» **Data extract**
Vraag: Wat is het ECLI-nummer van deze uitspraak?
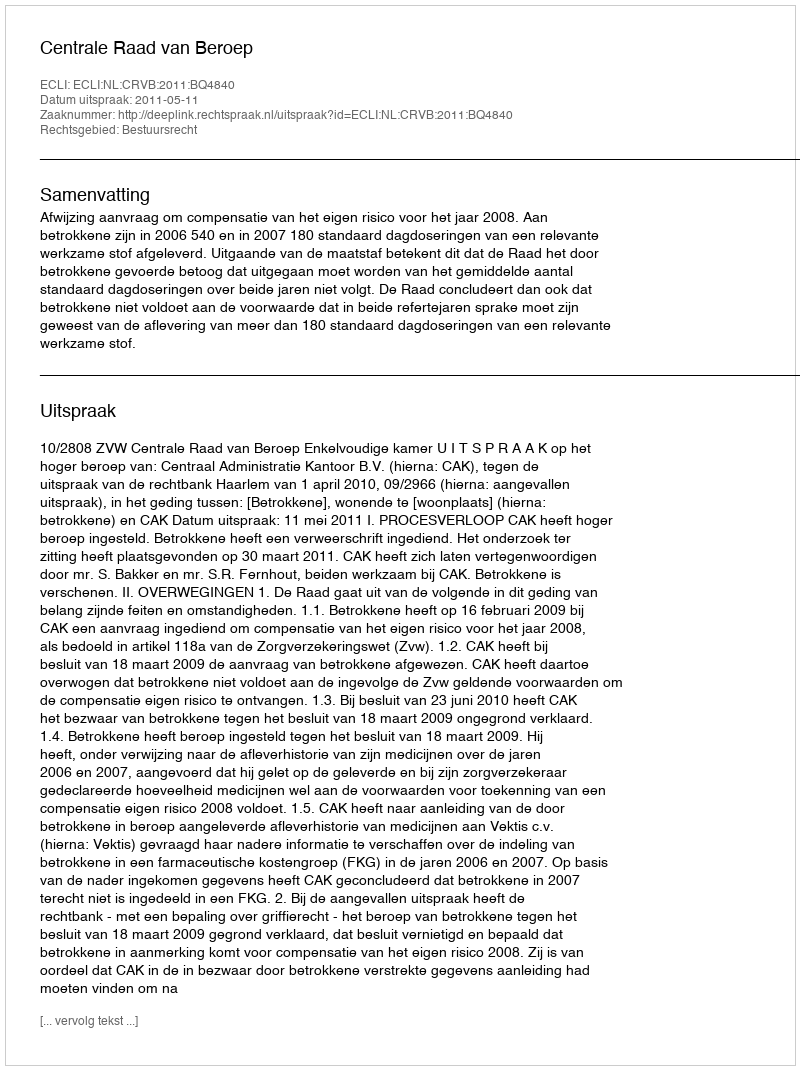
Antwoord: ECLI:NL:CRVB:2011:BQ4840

* * *

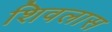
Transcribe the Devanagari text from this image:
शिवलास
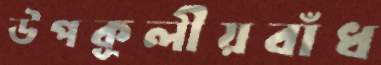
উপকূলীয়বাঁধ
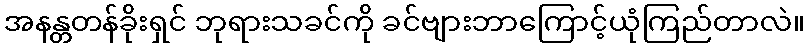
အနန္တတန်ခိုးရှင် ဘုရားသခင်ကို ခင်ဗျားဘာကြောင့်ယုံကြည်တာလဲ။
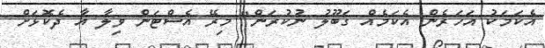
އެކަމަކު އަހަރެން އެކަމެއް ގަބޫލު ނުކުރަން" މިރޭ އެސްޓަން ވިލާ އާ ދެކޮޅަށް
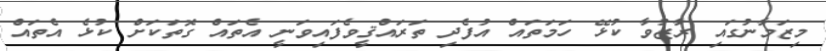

---

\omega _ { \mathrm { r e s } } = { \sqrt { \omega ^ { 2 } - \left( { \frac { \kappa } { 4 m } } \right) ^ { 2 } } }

» **Problem requirements**
Using the entries, count how many lines contain the string "ECLI". Write only the number.

» **Solved problem**
2